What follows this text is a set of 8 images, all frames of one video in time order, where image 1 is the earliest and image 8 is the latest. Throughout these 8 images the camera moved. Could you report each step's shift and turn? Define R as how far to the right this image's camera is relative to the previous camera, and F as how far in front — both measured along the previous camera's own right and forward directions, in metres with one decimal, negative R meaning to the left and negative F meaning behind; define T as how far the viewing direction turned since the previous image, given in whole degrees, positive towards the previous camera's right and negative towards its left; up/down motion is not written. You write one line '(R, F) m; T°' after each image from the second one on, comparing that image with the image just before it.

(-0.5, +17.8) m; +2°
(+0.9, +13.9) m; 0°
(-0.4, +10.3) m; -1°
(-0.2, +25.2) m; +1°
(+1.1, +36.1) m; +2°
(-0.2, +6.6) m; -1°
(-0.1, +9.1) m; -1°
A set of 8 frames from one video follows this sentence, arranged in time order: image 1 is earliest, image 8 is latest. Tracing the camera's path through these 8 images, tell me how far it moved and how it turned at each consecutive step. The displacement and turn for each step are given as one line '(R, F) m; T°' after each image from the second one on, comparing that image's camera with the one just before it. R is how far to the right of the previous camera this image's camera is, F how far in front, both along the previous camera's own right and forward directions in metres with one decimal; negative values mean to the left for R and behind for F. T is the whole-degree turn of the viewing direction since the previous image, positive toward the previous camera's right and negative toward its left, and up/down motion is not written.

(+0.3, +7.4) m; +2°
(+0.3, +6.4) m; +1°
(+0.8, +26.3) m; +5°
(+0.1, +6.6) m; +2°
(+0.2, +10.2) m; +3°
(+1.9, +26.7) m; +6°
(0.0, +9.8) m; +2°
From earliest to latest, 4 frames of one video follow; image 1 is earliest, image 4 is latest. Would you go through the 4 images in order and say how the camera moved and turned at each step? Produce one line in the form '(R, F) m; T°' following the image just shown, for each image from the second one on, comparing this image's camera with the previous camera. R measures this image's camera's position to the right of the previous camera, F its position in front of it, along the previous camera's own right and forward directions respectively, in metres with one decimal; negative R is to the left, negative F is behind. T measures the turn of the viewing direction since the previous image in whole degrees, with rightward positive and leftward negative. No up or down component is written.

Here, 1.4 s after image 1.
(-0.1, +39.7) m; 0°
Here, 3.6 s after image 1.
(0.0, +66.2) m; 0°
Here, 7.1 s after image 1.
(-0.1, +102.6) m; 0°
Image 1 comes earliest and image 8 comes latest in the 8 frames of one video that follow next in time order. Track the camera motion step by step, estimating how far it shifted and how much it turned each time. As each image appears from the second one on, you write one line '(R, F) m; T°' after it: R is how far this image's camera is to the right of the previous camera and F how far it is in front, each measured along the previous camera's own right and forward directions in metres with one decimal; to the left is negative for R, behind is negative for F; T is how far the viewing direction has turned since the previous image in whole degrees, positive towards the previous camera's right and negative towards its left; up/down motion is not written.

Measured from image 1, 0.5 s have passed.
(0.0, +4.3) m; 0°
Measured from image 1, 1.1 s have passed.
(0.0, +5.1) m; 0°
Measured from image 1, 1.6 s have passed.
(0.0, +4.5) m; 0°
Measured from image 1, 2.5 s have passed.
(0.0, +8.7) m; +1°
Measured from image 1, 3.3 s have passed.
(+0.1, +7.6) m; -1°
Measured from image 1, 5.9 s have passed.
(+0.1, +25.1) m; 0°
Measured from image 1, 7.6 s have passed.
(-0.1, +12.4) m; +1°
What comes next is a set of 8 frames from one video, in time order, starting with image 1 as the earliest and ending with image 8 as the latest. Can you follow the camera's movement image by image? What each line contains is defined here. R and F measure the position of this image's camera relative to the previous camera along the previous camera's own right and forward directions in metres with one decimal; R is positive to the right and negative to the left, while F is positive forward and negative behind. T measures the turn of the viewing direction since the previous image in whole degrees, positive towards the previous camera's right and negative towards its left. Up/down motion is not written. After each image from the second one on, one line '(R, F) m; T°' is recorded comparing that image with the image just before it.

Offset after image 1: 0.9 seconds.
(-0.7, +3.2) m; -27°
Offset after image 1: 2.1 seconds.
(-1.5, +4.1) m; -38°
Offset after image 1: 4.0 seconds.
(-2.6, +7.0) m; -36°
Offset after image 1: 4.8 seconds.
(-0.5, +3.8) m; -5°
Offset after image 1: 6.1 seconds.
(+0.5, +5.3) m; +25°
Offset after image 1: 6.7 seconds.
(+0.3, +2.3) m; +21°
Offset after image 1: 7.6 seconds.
= = =
## Required action
Return every line from the entries above that contains the word "comes".

## Response to this task
Image 1 comes earliest and image 8 comes latest in the 8 frames of one video that follow next in time order. Track the camera motion step by step, estimating how far it shifted and how much it turned each time. As each image appears from the second one on, you write one line '(R, F) m; T°' after it: R is how far this image's camera is to the right of the previous camera and F how far it is in front, each measured along the previous camera's own right and forward directions in metres with one decimal; to the left is negative for R, behind is negative for F; T is how far the viewing direction has turned since the previous image in whole degrees, positive towards the previous camera's right and negative towards its left; up/down motion is not written.
What comes next is a set of 8 frames from one video, in time order, starting with image 1 as the earliest and ending with image 8 as the latest. Can you follow the camera's movement image by image? What each line contains is defined here. R and F measure the position of this image's camera relative to the previous camera along the previous camera's own right and forward directions in metres with one decimal; R is positive to the right and negative to the left, while F is positive forward and negative behind. T measures the turn of the viewing direction since the previous image in whole degrees, positive towards the previous camera's right and negative towards its left. Up/down motion is not written. After each image from the second one on, one line '(R, F) m; T°' is recorded comparing that image with the image just before it.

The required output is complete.